Your copy should match the entries exactly, except that it holds no pictures.
_ _ _
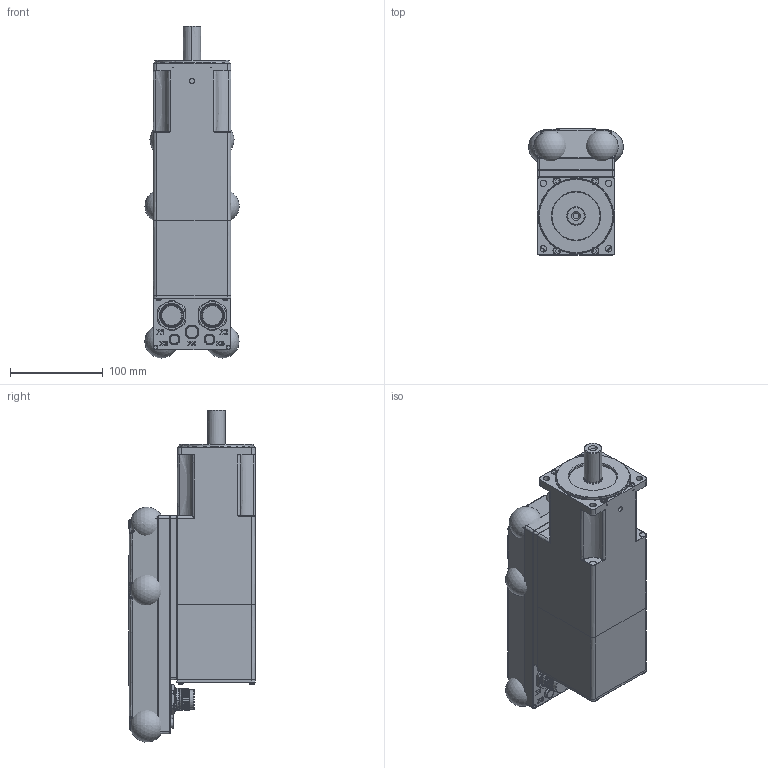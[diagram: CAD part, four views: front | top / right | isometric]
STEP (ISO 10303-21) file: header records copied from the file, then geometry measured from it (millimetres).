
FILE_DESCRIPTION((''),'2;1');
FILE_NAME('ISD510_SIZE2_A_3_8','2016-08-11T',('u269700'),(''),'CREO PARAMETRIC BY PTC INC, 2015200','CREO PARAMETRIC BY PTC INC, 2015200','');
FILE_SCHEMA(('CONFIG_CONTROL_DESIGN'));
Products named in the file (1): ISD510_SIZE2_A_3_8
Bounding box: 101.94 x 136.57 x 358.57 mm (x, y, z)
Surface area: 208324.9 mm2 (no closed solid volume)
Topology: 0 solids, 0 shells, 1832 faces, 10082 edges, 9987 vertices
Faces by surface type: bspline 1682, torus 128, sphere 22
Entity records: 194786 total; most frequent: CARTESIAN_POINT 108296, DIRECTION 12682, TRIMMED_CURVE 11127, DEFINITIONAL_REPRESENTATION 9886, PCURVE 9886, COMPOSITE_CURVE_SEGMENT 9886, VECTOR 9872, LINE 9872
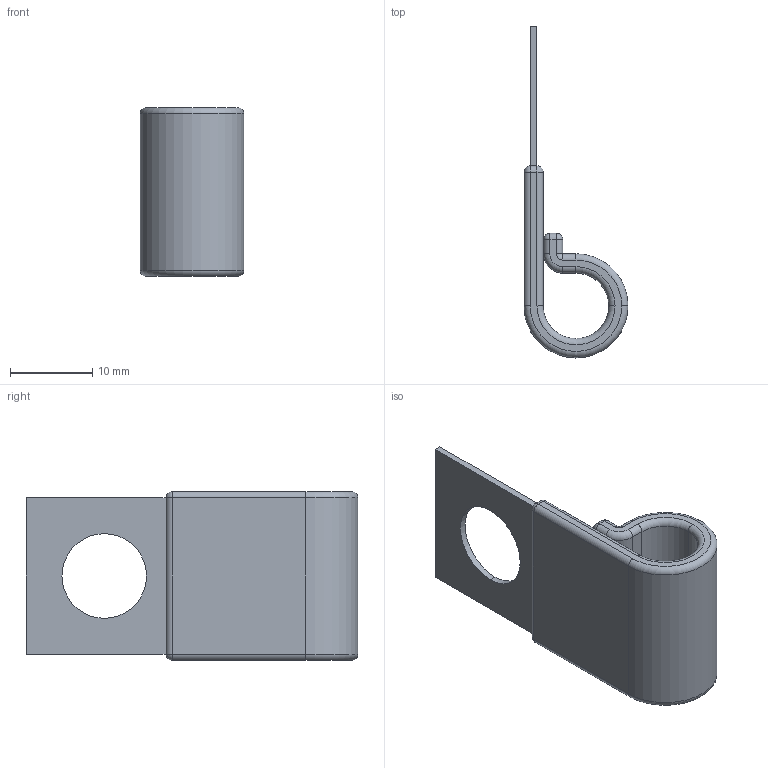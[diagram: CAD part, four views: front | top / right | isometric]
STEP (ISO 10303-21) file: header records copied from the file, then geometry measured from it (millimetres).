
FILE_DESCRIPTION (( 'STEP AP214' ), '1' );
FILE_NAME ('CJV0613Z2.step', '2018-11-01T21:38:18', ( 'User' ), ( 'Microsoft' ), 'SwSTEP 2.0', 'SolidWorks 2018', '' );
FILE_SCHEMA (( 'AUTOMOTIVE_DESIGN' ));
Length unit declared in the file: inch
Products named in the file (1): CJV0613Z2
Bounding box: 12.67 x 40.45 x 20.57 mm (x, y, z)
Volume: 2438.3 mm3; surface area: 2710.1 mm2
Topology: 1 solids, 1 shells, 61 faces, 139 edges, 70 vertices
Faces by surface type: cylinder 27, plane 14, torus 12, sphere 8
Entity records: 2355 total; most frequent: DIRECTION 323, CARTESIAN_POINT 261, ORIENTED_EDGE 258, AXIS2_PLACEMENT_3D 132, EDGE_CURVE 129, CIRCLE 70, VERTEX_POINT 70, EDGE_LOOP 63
_ _ _
= Response to the exercise =
[diagram: CAD part, four views: front | top / right | isometric]
STEP (ISO 10303-21) file: header records copied from the file, then geometry measured from it (millimetres).
FILE_DESCRIPTION((''),'2;1');
FILE_NAME('ISD510_SIZE2_A_3_8','2016-08-11T',('u269700'),(''),'CREO PARAMETRIC BY PTC INC, 2015200','CREO PARAMETRIC BY PTC INC, 2015200','');
FILE_SCHEMA(('CONFIG_CONTROL_DESIGN'));
Products named in the file (1): ISD510_SIZE2_A_3_8
Bounding box: 101.94 x 136.57 x 358.57 mm (x, y, z)
Surface area: 208324.9 mm2 (no closed solid volume)
Topology: 0 solids, 0 shells, 1832 faces, 10082 edges, 9987 vertices
Faces by surface type: bspline 1682, torus 128, sphere 22
Entity records: 194786 total; most frequent: CARTESIAN_POINT 108296, DIRECTION 12682, TRIMMED_CURVE 11127, DEFINITIONAL_REPRESENTATION 9886, PCURVE 9886, COMPOSITE_CURVE_SEGMENT 9886, VECTOR 9872, LINE 9872
[diagram: CAD part, four views: front | top / right | isometric]
STEP (ISO 10303-21) file: header records copied from the file, then geometry measured from it (millimetres).
FILE_DESCRIPTION (( 'STEP AP214' ), '1' );
FILE_NAME ('CJV0613Z2.step', '2018-11-01T21:38:18', ( 'User' ), ( 'Microsoft' ), 'SwSTEP 2.0', 'SolidWorks 2018', '' );
FILE_SCHEMA (( 'AUTOMOTIVE_DESIGN' ));
Length unit declared in the file: inch
Products named in the file (1): CJV0613Z2
Bounding box: 12.67 x 40.45 x 20.57 mm (x, y, z)
Volume: 2438.3 mm3; surface area: 2710.1 mm2
Topology: 1 solids, 1 shells, 61 faces, 139 edges, 70 vertices
Faces by surface type: cylinder 27, plane 14, torus 12, sphere 8
Entity records: 2355 total; most frequent: DIRECTION 323, CARTESIAN_POINT 261, ORIENTED_EDGE 258, AXIS2_PLACEMENT_3D 132, EDGE_CURVE 129, CIRCLE 70, VERTEX_POINT 70, EDGE_LOOP 63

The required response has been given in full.